_THE PROBLEM:_ Produce an exact copy of the line containing "Please identify what is at (188, 122)." and of every line after it in the material below, ending with the final line.

_DATA BLOCK:_
☆ ☆ ☆ ☆ ☆ ☆ ☆

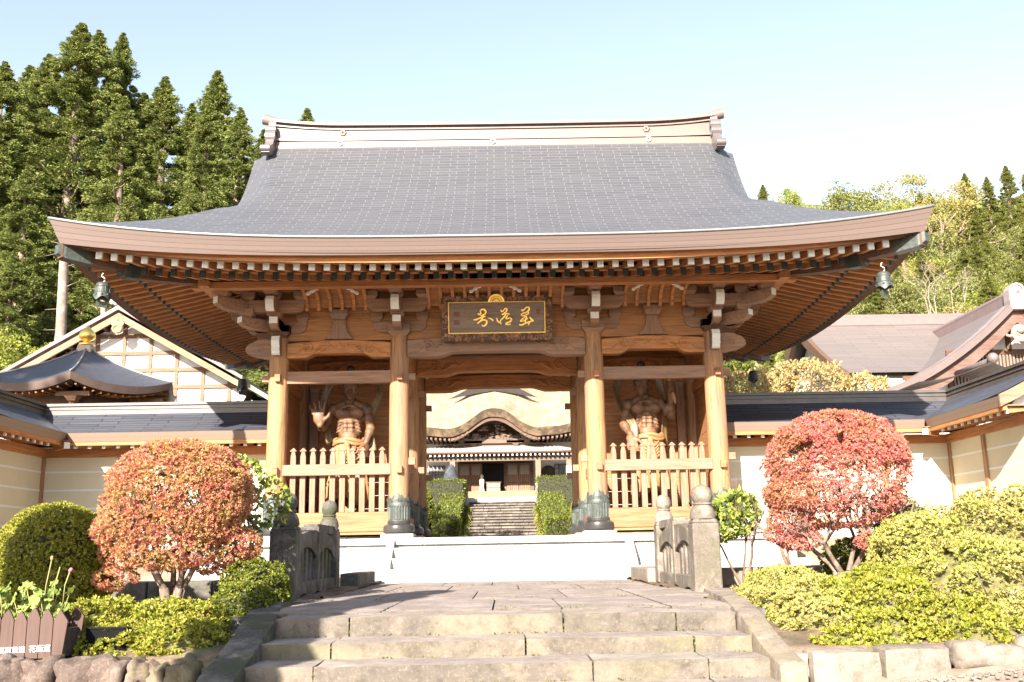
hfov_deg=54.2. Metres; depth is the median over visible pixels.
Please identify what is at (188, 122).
cedar tree
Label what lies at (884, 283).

☆ ☆ ☆ ☆ ☆ ☆ ☆

_SOLUTION FOR THIS EXERCISE:_
Please identify what is at (188, 122).
cedar tree
Label what lies at (884, 283).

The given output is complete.